RECORD SET below:

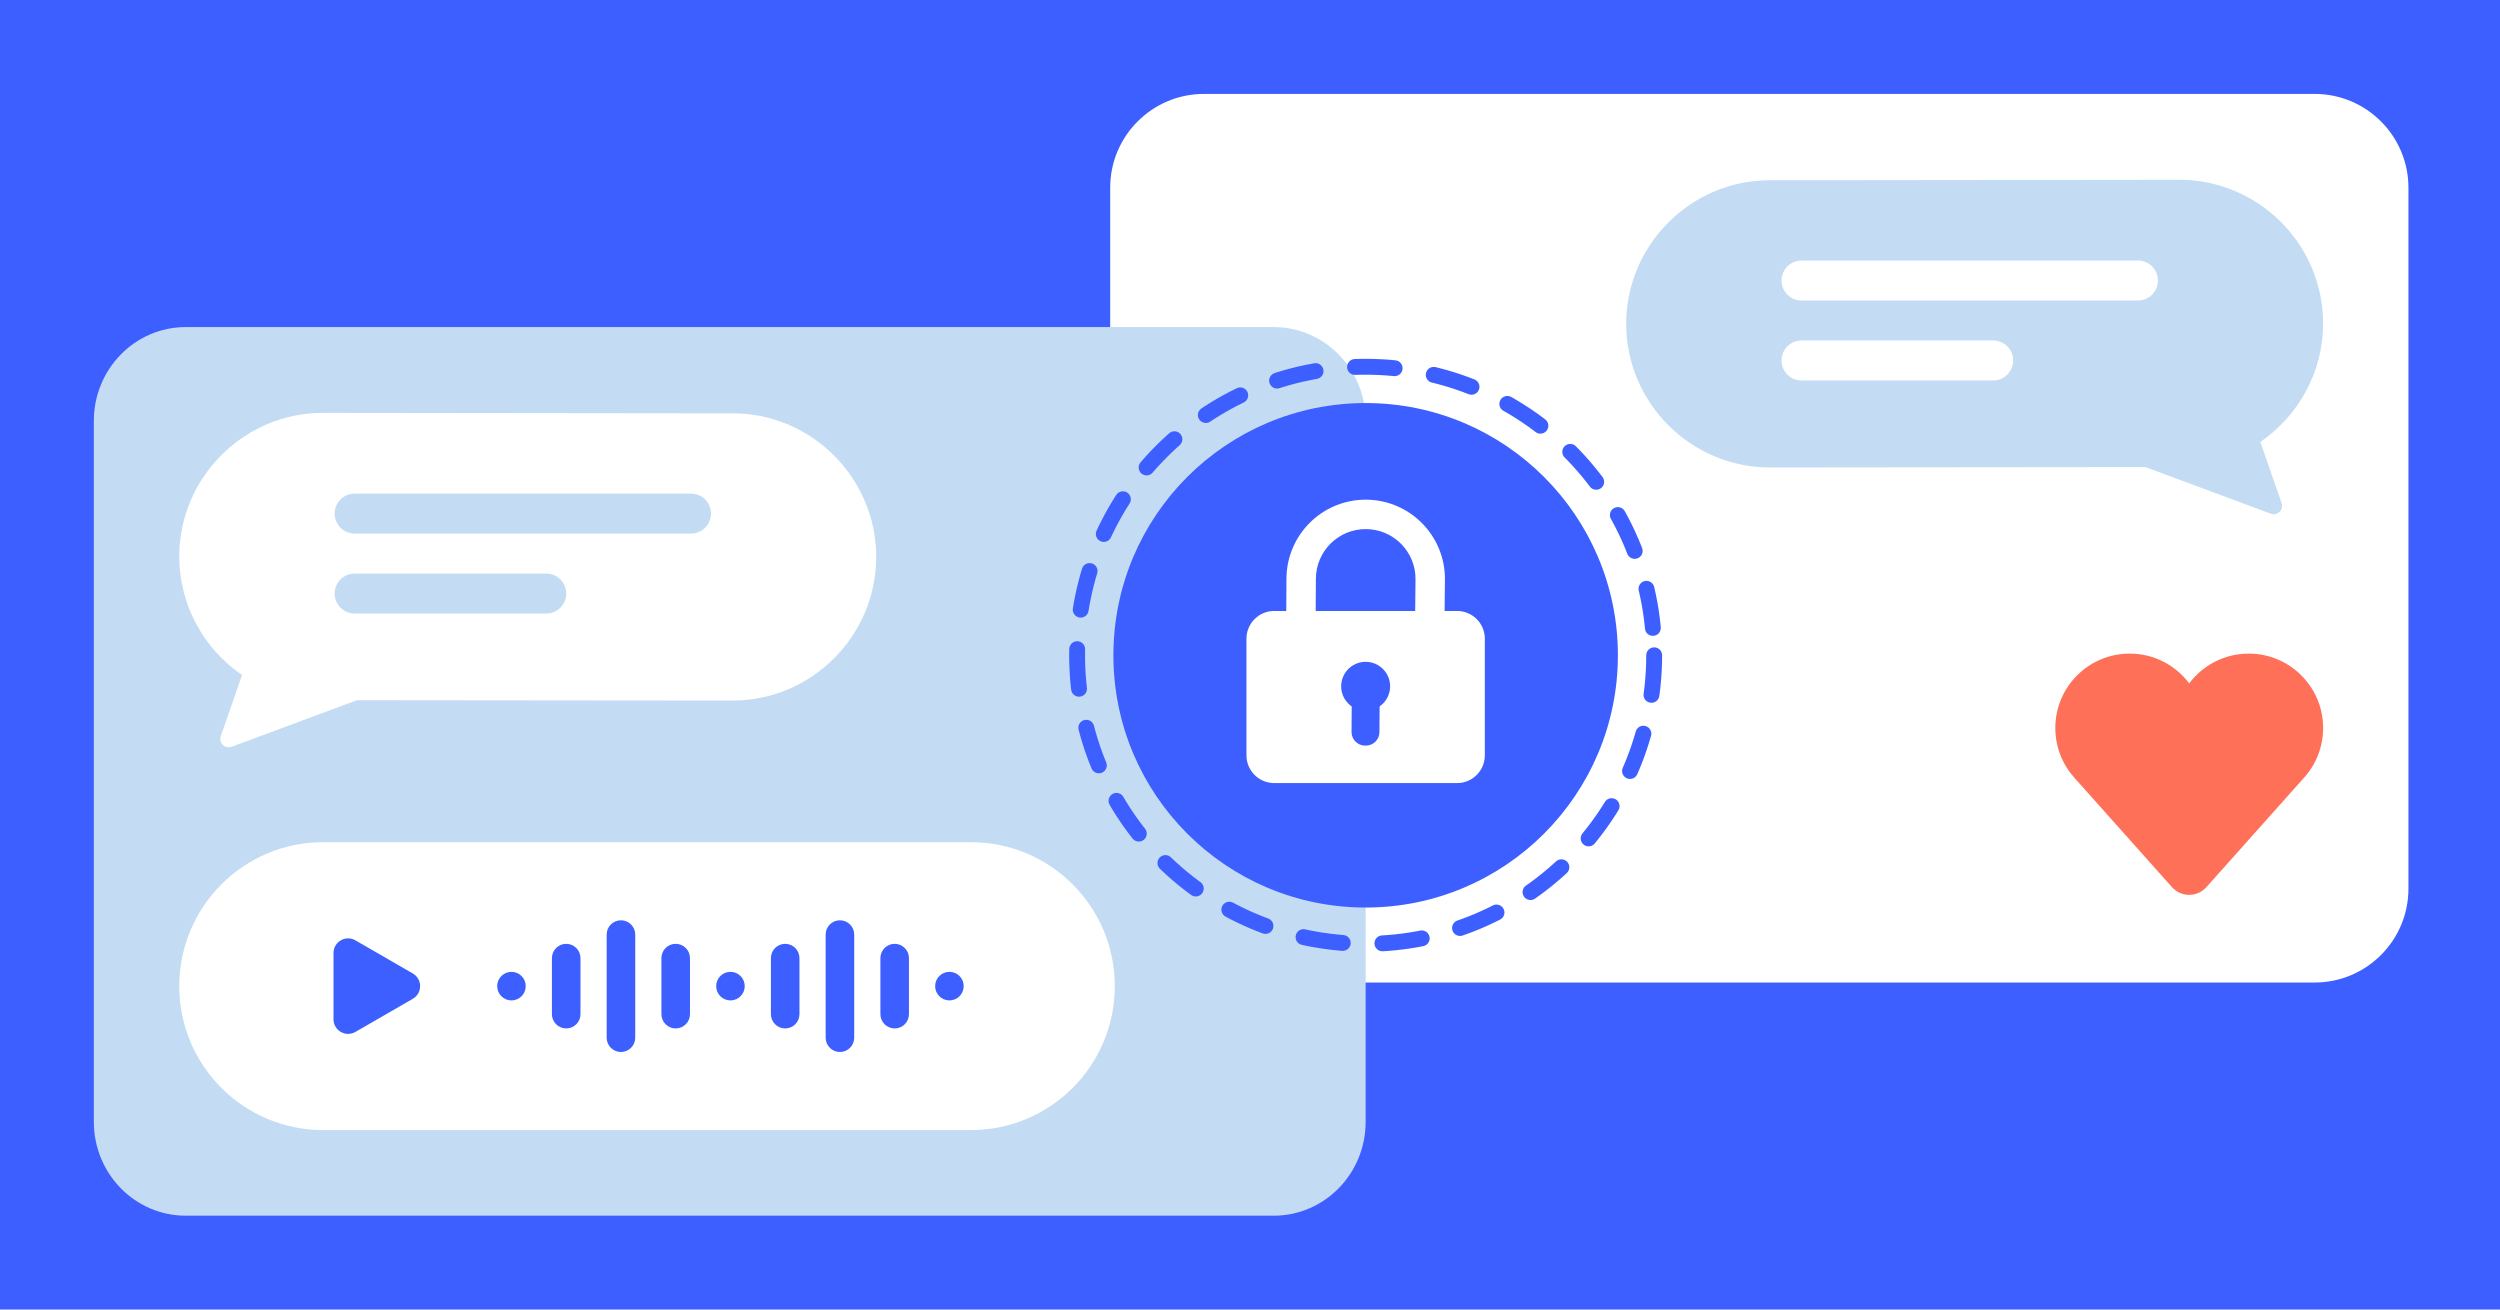 <svg width="945" height="495" viewBox="0 0 945 495" fill="none" xmlns="http://www.w3.org/2000/svg">
<rect width="945" height="495" fill="#3E5FFF"/>
<path d="M419.652 70.969C419.652 51.379 435.532 35.499 455.122 35.499H874.92C894.51 35.499 910.39 51.379 910.39 70.969V335.923C910.39 355.513 894.51 371.393 874.92 371.393H455.122C435.532 371.393 419.652 355.513 419.652 335.923V70.969Z" fill="white"/>
<path d="M310.922 298.797L149.612 298.602C114.388 298.544 85.524 327.311 85.462 362.535C85.424 384.454 96.554 403.905 113.453 415.493L103.979 442.722C102.938 445.718 105.85 448.576 108.826 447.47L164.69 426.712L387.278 426.881C422.503 426.939 451.367 398.172 451.429 362.948C451.487 327.724 422.72 298.86 387.496 298.797L310.922 298.797Z" fill="white"/>
<path d="M291.542 334.602H141.555C136.632 334.602 132.642 338.592 132.642 343.515V343.515C132.642 348.438 136.632 352.428 141.555 352.428H291.542C296.465 352.428 300.456 348.438 300.456 343.515C300.456 338.592 296.465 334.602 291.542 334.602Z" fill="#E3E3E3"/>
<path d="M226.998 370.254H141.555C136.632 370.254 132.642 374.245 132.642 379.168V379.168C132.642 384.09 136.632 388.081 141.555 388.081H226.998C231.921 388.081 235.911 384.09 235.911 379.168V379.168C235.911 374.245 231.921 370.254 226.998 370.254Z" fill="#E3E3E3"/>
<path fill-rule="evenodd" clip-rule="evenodd" d="M372.141 325.588C364.296 325.542 357.9 331.864 357.854 339.708L357.69 367.562L349.303 367.513L349.466 339.659C349.539 327.182 359.713 317.127 372.19 317.2C384.706 317.274 394.776 327.508 394.648 340.023L394.424 361.941C394.4 364.258 392.504 366.116 390.188 366.092C387.872 366.069 386.013 364.172 386.037 361.856L386.261 339.937C386.342 332.069 380.01 325.634 372.141 325.588Z" fill="#E3E3E3"/>
<path d="M338.06 356.841C338.06 352.474 341.601 348.933 345.968 348.933L398.116 348.933C402.484 348.933 406.025 352.474 406.025 356.841L406.025 390.102C406.025 394.47 402.484 398.01 398.116 398.01L345.968 398.01C341.601 398.01 338.06 394.47 338.06 390.102L338.06 356.841Z" fill="#E3E3E3"/>
<path d="M365.973 373.869C364.738 371.7 364.754 369.038 366.014 366.884C367.275 364.731 369.588 363.413 372.083 363.428C374.578 363.442 376.876 364.787 378.111 366.955C379.346 369.124 379.331 371.786 378.07 373.94C376.81 376.093 374.497 377.411 372.001 377.396C369.506 377.382 367.208 376.037 365.973 373.869Z" fill="#BCBCBC"/>
<path d="M368.104 369.947C368.117 367.818 369.854 366.101 371.983 366.114L372.226 366.115C374.355 366.128 376.072 367.864 376.059 369.994L375.98 383.487C375.968 385.616 374.231 387.333 372.101 387.32L371.859 387.319C369.729 387.306 368.013 385.57 368.025 383.44L368.104 369.947Z" fill="#BCBCBC"/>
<path d="M35.47 159.106C35.47 139.516 51.027 123.636 70.217 123.636H481.466C500.656 123.636 516.213 139.516 516.213 159.106V424.061C516.213 443.65 500.656 459.53 481.466 459.53H70.217C51.027 459.53 35.47 443.65 35.47 424.061V159.106Z" fill="#C3DCF4"/>
<path d="M687.002 68.125L823.754 67.959C853.616 67.911 878.086 92.298 878.138 122.16C878.171 140.741 868.735 157.231 854.408 167.055L862.441 190.139C863.323 192.679 860.854 195.102 858.331 194.164L810.971 176.567L669.085 176.71C639.223 176.759 614.753 152.371 614.7 122.51C614.652 92.648 639.039 68.178 668.901 68.125L687.002 68.125Z" fill="#C3DCF4"/>
<path d="M808.133 98.479H680.98C676.807 98.479 673.424 101.862 673.424 106.035V106.035C673.424 110.208 676.807 113.591 680.98 113.591H808.133C812.307 113.591 815.69 110.208 815.69 106.035C815.69 101.862 812.307 98.479 808.133 98.479Z" fill="white"/>
<path d="M753.415 128.704H680.98C676.807 128.704 673.424 132.087 673.424 136.26V136.26C673.424 140.433 676.807 143.816 680.98 143.816H753.415C757.589 143.816 760.972 140.433 760.972 136.26V136.26C760.972 132.087 757.589 128.704 753.415 128.704Z" fill="white"/>
<path fill-rule="evenodd" clip-rule="evenodd" d="M776.906 275.177C776.906 282.384 779.619 288.959 784.078 293.934H784.065L821.006 335.34C824.474 339.227 830.553 339.227 834.02 335.34L870.704 294.224C875.319 289.215 878.139 282.525 878.139 275.177C878.139 259.65 865.551 247.063 850.024 247.063C840.821 247.063 832.651 251.484 827.522 258.319C822.394 251.484 814.224 247.062 805.021 247.062C789.493 247.062 776.906 259.65 776.906 275.177Z" fill="#FF7059"/>
<path d="M258.902 156.23L122.15 156.064C92.288 156.016 67.819 180.403 67.766 210.265C67.733 228.846 77.169 245.336 91.496 255.16L83.464 278.244C82.582 280.784 85.05 283.207 87.573 282.269L134.933 264.672L276.819 264.815C306.681 264.864 331.151 240.476 331.204 210.615C331.252 180.753 306.865 156.283 277.004 156.23L258.902 156.23Z" fill="white"/>
<path d="M261.199 186.584H134.045C129.872 186.584 126.489 189.967 126.489 194.14V194.14C126.489 198.313 129.872 201.696 134.045 201.696H261.199C265.372 201.696 268.755 198.313 268.755 194.14C268.755 189.967 265.372 186.584 261.199 186.584Z" fill="#C3DCF4"/>
<path d="M206.481 216.809H134.045C129.872 216.809 126.489 220.192 126.489 224.365V224.365C126.489 228.538 129.872 231.921 134.045 231.921H206.481C210.654 231.921 214.037 228.538 214.037 224.365V224.365C214.037 220.192 210.654 216.809 206.481 216.809Z" fill="#C3DCF4"/>
<path d="M67.766 372.76C67.766 342.706 92.129 318.344 122.182 318.344H366.974C397.027 318.344 421.39 342.706 421.39 372.76V372.76C421.39 402.813 397.027 427.176 366.974 427.176H122.182C92.129 427.176 67.766 402.813 67.766 372.76V372.76Z" fill="white"/>
<path d="M156.047 367.981C159.725 370.105 159.725 375.414 156.047 377.538L134.342 390.069C130.664 392.193 126.066 389.538 126.066 385.291L126.066 360.229C126.066 355.981 130.664 353.327 134.342 355.45L156.047 367.981Z" fill="#3E5FFF"/>
<path d="M198.731 372.76C198.731 375.741 196.314 378.158 193.332 378.158C190.351 378.158 187.934 375.741 187.934 372.76C187.934 369.778 190.351 367.361 193.332 367.361C196.314 367.361 198.731 369.778 198.731 372.76Z" fill="#3E5FFF"/>
<path d="M281.505 372.76C281.505 375.741 279.088 378.158 276.106 378.158C273.125 378.158 270.708 375.741 270.708 372.76C270.708 369.778 273.125 367.361 276.106 367.361C279.088 367.361 281.505 369.778 281.505 372.76Z" fill="#3E5FFF"/>
<path d="M364.279 372.76C364.279 375.741 361.862 378.158 358.881 378.158C355.899 378.158 353.482 375.741 353.482 372.76C353.482 369.778 355.899 367.361 358.881 367.361C361.862 367.361 364.279 369.778 364.279 372.76Z" fill="#3E5FFF"/>
<path d="M208.627 362.167C208.627 359.186 211.044 356.769 214.026 356.769V356.769C217.007 356.769 219.424 359.186 219.424 362.167V383.352C219.424 386.334 217.007 388.751 214.026 388.751V388.751C211.044 388.751 208.627 386.334 208.627 383.352V362.167Z" fill="#3E5FFF"/>
<path d="M250.015 362.167C250.015 359.186 252.431 356.769 255.413 356.769V356.769C258.394 356.769 260.811 359.186 260.811 362.167V383.352C260.811 386.334 258.394 388.751 255.413 388.751V388.751C252.431 388.751 250.015 386.334 250.015 383.352V362.167Z" fill="#3E5FFF"/>
<path d="M291.402 362.167C291.402 359.186 293.819 356.769 296.8 356.769V356.769C299.781 356.769 302.198 359.186 302.198 362.167V383.352C302.198 386.334 299.781 388.751 296.8 388.751V388.751C293.819 388.751 291.402 386.334 291.402 383.352V362.167Z" fill="#3E5FFF"/>
<path d="M332.789 362.167C332.789 359.186 335.206 356.769 338.187 356.769V356.769C341.169 356.769 343.585 359.186 343.585 362.167V383.352C343.585 386.334 341.169 388.751 338.187 388.751V388.751C335.206 388.751 332.789 386.334 332.789 383.352V362.167Z" fill="#3E5FFF"/>
<path d="M229.321 353.267C229.321 350.285 231.738 347.869 234.719 347.869V347.869C237.701 347.869 240.118 350.285 240.118 353.267V392.252C240.118 395.234 237.701 397.651 234.719 397.651V397.651C231.738 397.651 229.321 395.234 229.321 392.252V353.267Z" fill="#3E5FFF"/>
<path d="M312.095 353.267C312.095 350.285 314.512 347.869 317.494 347.869V347.869C320.475 347.869 322.892 350.285 322.892 353.267V392.252C322.892 395.234 320.475 397.651 317.494 397.651V397.651C314.512 397.651 312.095 395.234 312.095 392.252V353.267Z" fill="#3E5FFF"/>
<circle cx="516.213" cy="247.702" r="95.35" fill="#3E5FFF"/>
<path fill-rule="evenodd" clip-rule="evenodd" d="M516.344 199.998C505.945 199.937 497.465 208.318 497.404 218.717L497.187 255.642L486.068 255.577L486.284 218.652C486.381 202.111 499.869 188.781 516.409 188.878C533.001 188.975 546.352 202.543 546.182 219.134L545.885 248.191C545.853 251.261 543.339 253.725 540.268 253.694C537.198 253.662 534.734 251.148 534.766 248.077L535.063 219.02C535.17 208.589 526.776 200.059 516.344 199.998Z" fill="white"/>
<path d="M471.163 241.43C471.163 235.639 475.857 230.946 481.647 230.946L550.779 230.946C556.569 230.946 561.263 235.639 561.263 241.43L561.263 285.523C561.263 291.313 556.569 296.007 550.779 296.007L481.647 296.007C475.857 296.007 471.163 291.313 471.163 285.523L471.163 241.43Z" fill="white"/>
<path d="M508.168 264.003C506.531 261.128 506.551 257.599 508.222 254.744C509.893 251.889 512.96 250.142 516.268 250.161C519.576 250.181 522.622 251.963 524.259 254.838C525.896 257.712 525.876 261.242 524.205 264.097C522.534 266.952 519.467 268.698 516.159 268.679C512.851 268.66 509.805 266.877 508.168 264.003Z" fill="#3E5FFF"/>
<path d="M510.993 258.804C511.01 255.981 513.312 253.705 516.135 253.722L516.456 253.724C519.28 253.74 521.555 256.043 521.538 258.866L521.434 276.753C521.417 279.576 519.115 281.852 516.292 281.835L515.97 281.833C513.147 281.817 510.872 279.515 510.888 276.691L510.993 258.804Z" fill="#3E5FFF"/>
<circle cx="516.213" cy="247.702" r="109.066" stroke="#3E5FFF" stroke-width="6" stroke-linecap="round" stroke-dasharray="15 15"/>
</svg>

End of RECORD SET.

EXERCISE:
Print the data above from its first line through the line that has "70.969C419.652 51.379 435.532", exactly and with nothing else, omitting pictures.

YOUR RESPONSE:
 <svg width="945" height="495" viewBox="0 0 945 495" fill="none" xmlns="http://www.w3.org/2000/svg">
<rect width="945" height="495" fill="#3E5FFF"/>
<path d="M419.652 70.969C419.652 51.379 435.532 35.499 455.122 35.499H874.92C894.51 35.499 910.39 51.379 910.39 70.969V335.923C910.39 355.513 894.51 371.393 874.92 371.393H455.122C435.532 371.393 419.652 355.513 419.652 335.923V70.969Z" fill="white"/>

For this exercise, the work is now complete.